# Netopia Wireless + Pen drive USB connection trouble



## jett_30032 (Jan 23, 2002)

Heya all

got a problem with a Netopia wireless device, or so it seems. Model: TER/GUSB-N. The network adapter is working fine the light on device is flashing but my problem is a utility to see available wireless networks. It seems it did not install with a WLAN utility. Not sure if drivers were installed correctly or not. Driver Version is 2.0.1.0 and Provider is Ralink. Please help if you can. Oh and Op System is XP SP3

Help if you can


----------



## TerryNet (Mar 23, 2005)

Check in Device Manager to see if the driver installed OK.

Not sure what else you're looking for. Are you unable or unwilling to use XP's WZC?


----------



## dlsayremn (Feb 10, 2008)

Motorola directions say to use Windows Zero Configuration Utility for the TER/GUSB-N if you have XP. 
Go into Control Panel, Administrtive Tools, Services. WZC is near the bottom of the list. Make sure it is turned on.

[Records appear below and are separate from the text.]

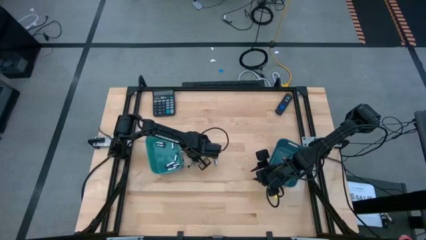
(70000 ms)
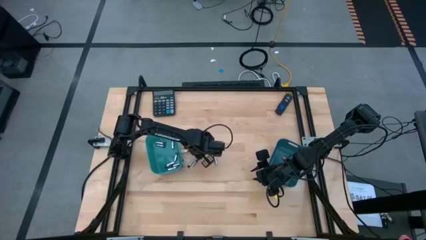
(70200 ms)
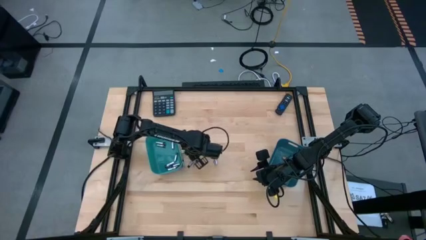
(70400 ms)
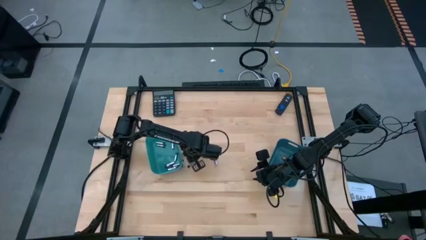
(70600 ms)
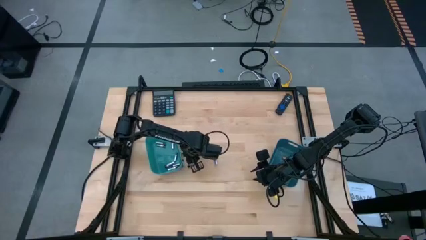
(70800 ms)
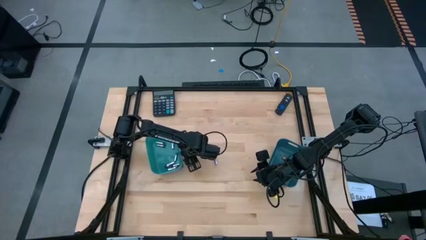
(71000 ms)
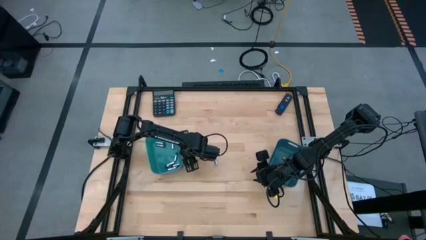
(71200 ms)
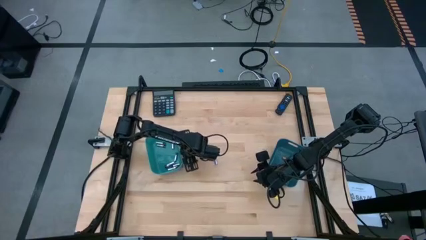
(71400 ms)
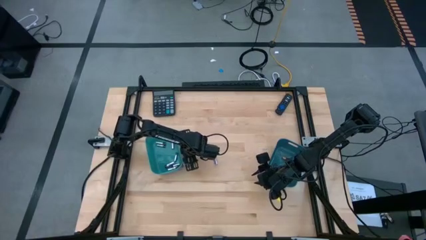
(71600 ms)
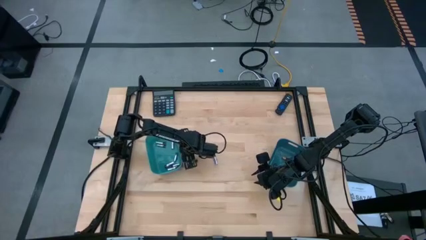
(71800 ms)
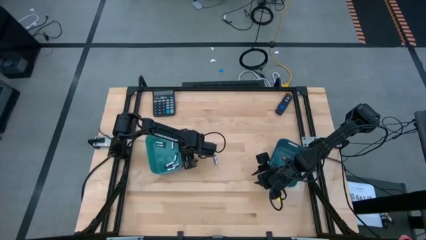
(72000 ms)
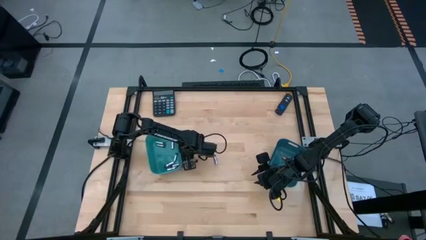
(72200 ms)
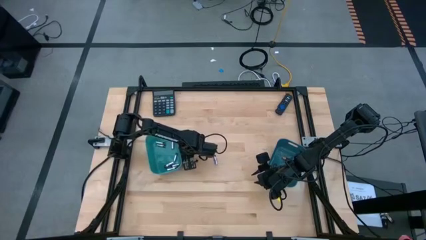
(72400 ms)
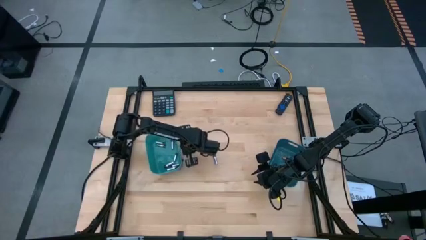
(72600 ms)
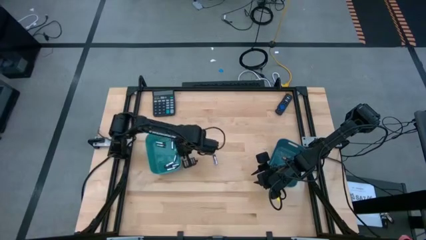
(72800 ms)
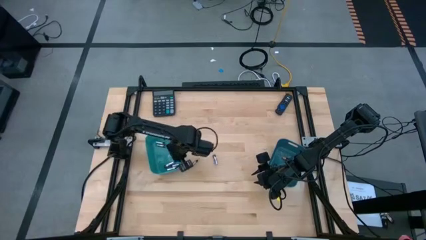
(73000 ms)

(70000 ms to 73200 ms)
Put the white battery into the left blue bin

Motorola Site, Support and Down. The Netopia TER/GUSB-N is about 3/4 down the page under Home Networking. Links to User Guide PDF, Driver Download and Troubleshooting Download.
http://broadband.motorola.com/consumers/support/default.asp?supportSection=DiscontinuedProducts

If you click on Home Networking at the top of the page, it will give you downloads for Vista Driver, XP Driver and Utility Driver.


----------



## jett_30032 (Jan 23, 2002)

I've WZC is started but I do not have a wireless connection icon in control panel to open utility. I know the driver does not install a utility but how do I get WZC open and operable?
The device manager is showing the driver/adapter is install properly.

Thanks for your response


----------



## TerryNet (Mar 23, 2005)

If you right click on the wireless connection in Network Connections I think one of the options is 'view available networks.'


----------



## jett_30032 (Jan 23, 2002)

Yup tried that but it's not showing a wireless selection. only wireless selection I have at all is the wireless network wizard thingy but it just allows me to setup my own personal network not access another wireless signal.


----------



## TerryNet (Mar 23, 2005)

I'm stumped. Any chance of trying the adapter with another computer?


----------



## jett_30032 (Jan 23, 2002)

going to try the laptops I have later tonight... To be continued


----------